# Work request
Repeat each entry exactly; omit all pictures.

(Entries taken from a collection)
*****
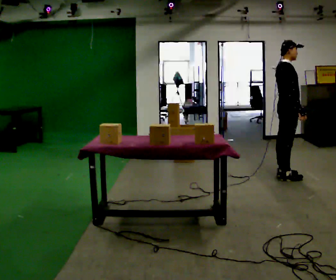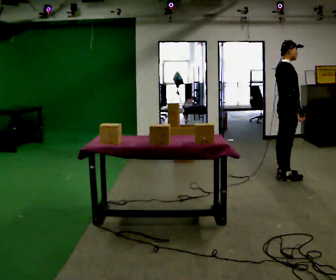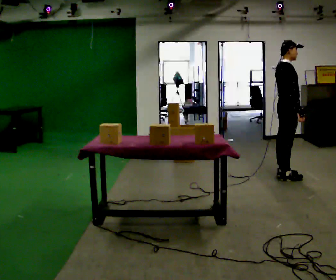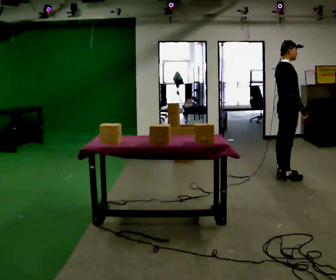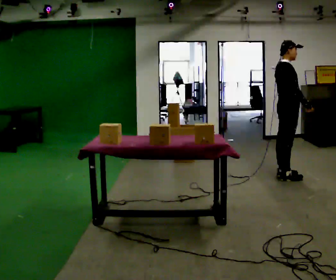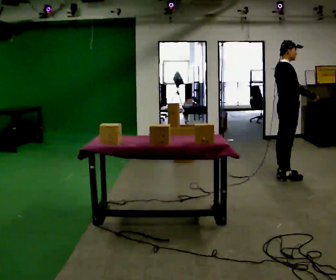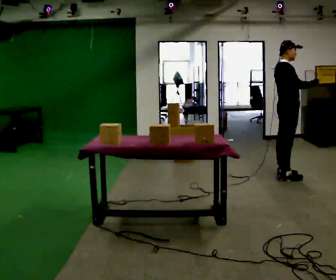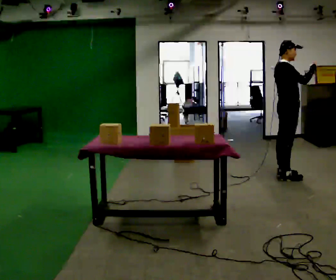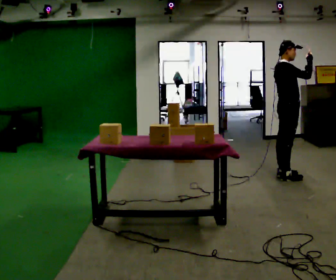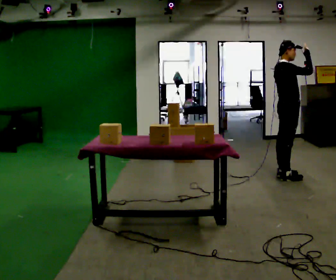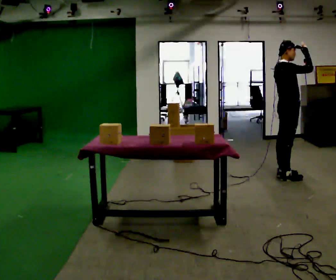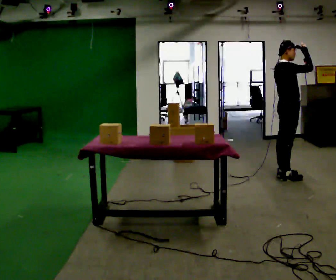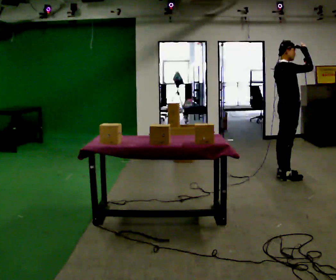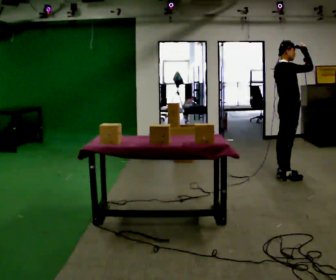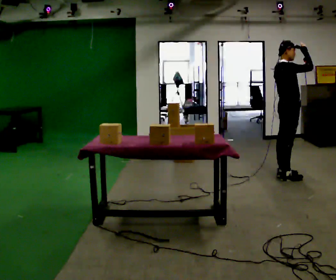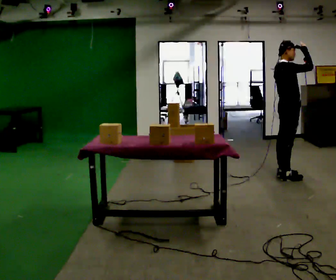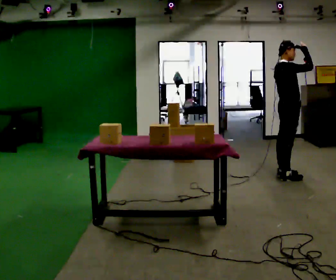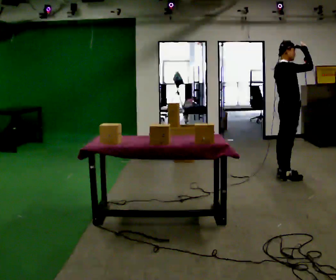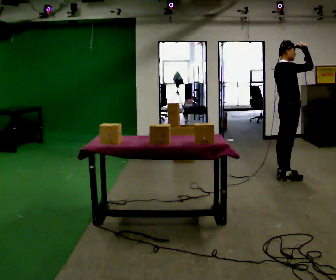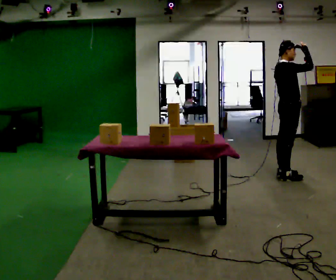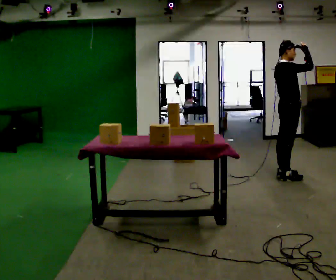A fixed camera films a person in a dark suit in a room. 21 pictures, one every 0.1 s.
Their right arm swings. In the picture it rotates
counterclockwise.
Their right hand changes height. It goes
upward.
0.0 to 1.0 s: In the picture their right hand goes upward, the arm swinging counterclockwise.
1.0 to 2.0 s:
*****
# Reply to the exercise
A fixed camera films a person in a dark suit in a room. 21 pictures, one every 0.1 s.
Their right arm swings. In the picture it rotates
counterclockwise.
Their right hand changes height. It goes
upward.
0.0 to 1.0 s: In the picture their right hand goes upward, the arm swinging counterclockwise.
1.0 to 2.0 s:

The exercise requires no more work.